=== The records ===

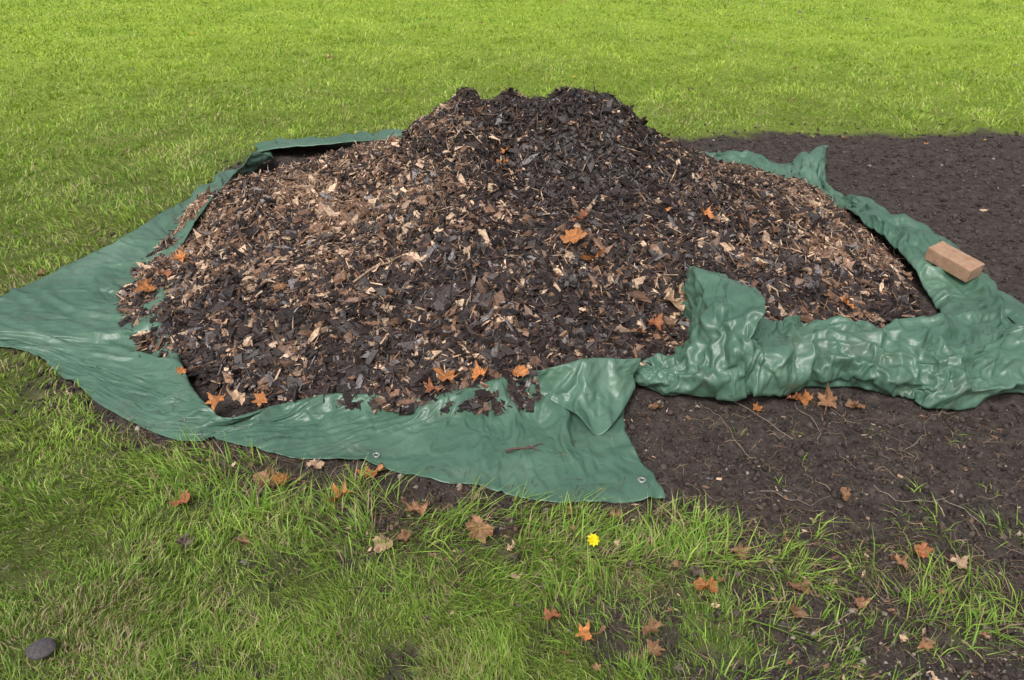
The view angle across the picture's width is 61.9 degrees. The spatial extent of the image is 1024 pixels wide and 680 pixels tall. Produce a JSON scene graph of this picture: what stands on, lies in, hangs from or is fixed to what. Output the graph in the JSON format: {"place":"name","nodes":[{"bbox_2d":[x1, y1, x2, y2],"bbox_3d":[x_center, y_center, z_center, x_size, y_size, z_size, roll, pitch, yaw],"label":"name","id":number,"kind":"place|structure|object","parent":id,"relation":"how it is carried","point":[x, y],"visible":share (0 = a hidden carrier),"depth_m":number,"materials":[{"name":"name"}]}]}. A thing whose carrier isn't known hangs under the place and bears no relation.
{"place":"outdoors","nodes":[
{"label":"outdoors","id":0,"kind":"place"},
{"bbox_2d":[0,0,1023,679],"bbox_3d":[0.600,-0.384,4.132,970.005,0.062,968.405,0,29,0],"label":"ground","id":1,"kind":"structure","parent":0,"point":[976,148],"depth_m":3.02,"materials":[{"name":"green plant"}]},
{"bbox_2d":[25,638,56,659],"bbox_3d":[-1.120,0.736,2.030,0.066,0.025,0.062,-20,35,-32],"label":"stone","id":2,"kind":"object","parent":1,"relation":"on","point":[42,648],"visible":1,"depth_m":2.02,"materials":[{"name":"grey stone"}]},
{"bbox_2d":[0,0,1023,679],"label":"lawn grass","id":3,"kind":"structure","parent":1,"relation":"on","point":[488,656],"depth_m":4.87,"materials":[{"name":"green plant"}]},
{"bbox_2d":[0,129,1023,503],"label":"green tarpaulin","id":4,"kind":"object","parent":1,"relation":"on","point":[962,349],"visible":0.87,"depth_m":3.02,"materials":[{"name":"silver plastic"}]},
{"bbox_2d":[505,443,542,452],"bbox_3d":[0.039,0.348,2.770,0.124,0.017,0.050,0,29,0],"label":"twig","id":5,"kind":"object","parent":4,"relation":"on","point":[515,448],"visible":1,"depth_m":2.76,"materials":[{"name":"wood"}]},
{"bbox_2d":[924,241,984,281],"bbox_3d":[1.960,-0.349,3.785,0.104,0.066,0.218,-22,46,-26],"label":"brick","id":6,"kind":"object","parent":4,"relation":"on","point":[955,262],"visible":1,"depth_m":3.75,"materials":[{"name":"ceramic"}]},
{"bbox_2d":[114,80,921,415],"bbox_3d":[0.045,-0.757,4.089,3.990,0.820,3.486,0,29,0],"label":"mulch pile","id":7,"kind":"object","parent":1,"relation":"on","point":[448,222],"visible":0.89,"depth_m":3.57,"materials":[{"name":"brown plant"}]},
{"bbox_2d":[16,377,1023,679],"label":"loose wood chips","id":8,"kind":"object","parent":1,"relation":"on","point":[1012,677],"visible":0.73,"depth_m":2.44,"materials":[{"name":"brown plant"}]},
{"bbox_2d":[37,2,1021,679],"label":"fallen leaves","id":9,"kind":"object","parent":1,"relation":"on","point":[431,502],"visible":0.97,"depth_m":2.51,"materials":[{"name":"orange plant"}]},
{"bbox_2d":[88,389,1023,679],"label":"dead roots and straw","id":10,"kind":"object","parent":1,"relation":"on","point":[816,565],"visible":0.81,"depth_m":2.43,"materials":[{"name":"brown plant"}]},
{"bbox_2d":[92,423,1023,679],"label":"long grass tufts","id":11,"kind":"object","parent":1,"relation":"on","point":[599,525],"visible":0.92,"depth_m":2.35,"materials":[{"name":"green plant"}]},
{"bbox_2d":[587,534,599,546],"bbox_3d":[0.214,0.552,2.335,0.037,0.070,0.038,15,62,-8],"label":"yellow flower","id":12,"kind":"object","parent":1,"relation":"on","point":[593,540],"visible":1,"depth_m":2.31,"materials":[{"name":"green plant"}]}
]}

=== Work instructions ===
Return all of the entries word for word, but omit the pictures.

=== Finished task ===
The view angle across the picture's width is 61.9 degrees. The spatial extent of the image is 1024 pixels wide and 680 pixels tall. Produce a JSON scene graph of this picture: what stands on, lies in, hangs from or is fixed to what. Output the graph in the JSON format: {"place":"name","nodes":[{"bbox_2d":[x1, y1, x2, y2],"bbox_3d":[x_center, y_center, z_center, x_size, y_size, z_size, roll, pitch, yaw],"label":"name","id":number,"kind":"place|structure|object","parent":id,"relation":"how it is carried","point":[x, y],"visible":share (0 = a hidden carrier),"depth_m":number,"materials":[{"name":"name"}]}]}. A thing whose carrier isn't known hangs under the place and bears no relation.
{"place":"outdoors","nodes":[
{"label":"outdoors","id":0,"kind":"place"},
{"bbox_2d":[0,0,1023,679],"bbox_3d":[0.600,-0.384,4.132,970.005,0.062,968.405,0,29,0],"label":"ground","id":1,"kind":"structure","parent":0,"point":[976,148],"depth_m":3.02,"materials":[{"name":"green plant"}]},
{"bbox_2d":[25,638,56,659],"bbox_3d":[-1.120,0.736,2.030,0.066,0.025,0.062,-20,35,-32],"label":"stone","id":2,"kind":"object","parent":1,"relation":"on","point":[42,648],"visible":1,"depth_m":2.02,"materials":[{"name":"grey stone"}]},
{"bbox_2d":[0,0,1023,679],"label":"lawn grass","id":3,"kind":"structure","parent":1,"relation":"on","point":[488,656],"depth_m":4.87,"materials":[{"name":"green plant"}]},
{"bbox_2d":[0,129,1023,503],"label":"green tarpaulin","id":4,"kind":"object","parent":1,"relation":"on","point":[962,349],"visible":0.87,"depth_m":3.02,"materials":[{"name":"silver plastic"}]},
{"bbox_2d":[505,443,542,452],"bbox_3d":[0.039,0.348,2.770,0.124,0.017,0.050,0,29,0],"label":"twig","id":5,"kind":"object","parent":4,"relation":"on","point":[515,448],"visible":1,"depth_m":2.76,"materials":[{"name":"wood"}]},
{"bbox_2d":[924,241,984,281],"bbox_3d":[1.960,-0.349,3.785,0.104,0.066,0.218,-22,46,-26],"label":"brick","id":6,"kind":"object","parent":4,"relation":"on","point":[955,262],"visible":1,"depth_m":3.75,"materials":[{"name":"ceramic"}]},
{"bbox_2d":[114,80,921,415],"bbox_3d":[0.045,-0.757,4.089,3.990,0.820,3.486,0,29,0],"label":"mulch pile","id":7,"kind":"object","parent":1,"relation":"on","point":[448,222],"visible":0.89,"depth_m":3.57,"materials":[{"name":"brown plant"}]},
{"bbox_2d":[16,377,1023,679],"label":"loose wood chips","id":8,"kind":"object","parent":1,"relation":"on","point":[1012,677],"visible":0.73,"depth_m":2.44,"materials":[{"name":"brown plant"}]},
{"bbox_2d":[37,2,1021,679],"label":"fallen leaves","id":9,"kind":"object","parent":1,"relation":"on","point":[431,502],"visible":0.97,"depth_m":2.51,"materials":[{"name":"orange plant"}]},
{"bbox_2d":[88,389,1023,679],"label":"dead roots and straw","id":10,"kind":"object","parent":1,"relation":"on","point":[816,565],"visible":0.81,"depth_m":2.43,"materials":[{"name":"brown plant"}]},
{"bbox_2d":[92,423,1023,679],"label":"long grass tufts","id":11,"kind":"object","parent":1,"relation":"on","point":[599,525],"visible":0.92,"depth_m":2.35,"materials":[{"name":"green plant"}]},
{"bbox_2d":[587,534,599,546],"bbox_3d":[0.214,0.552,2.335,0.037,0.070,0.038,15,62,-8],"label":"yellow flower","id":12,"kind":"object","parent":1,"relation":"on","point":[593,540],"visible":1,"depth_m":2.31,"materials":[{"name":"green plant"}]}
]}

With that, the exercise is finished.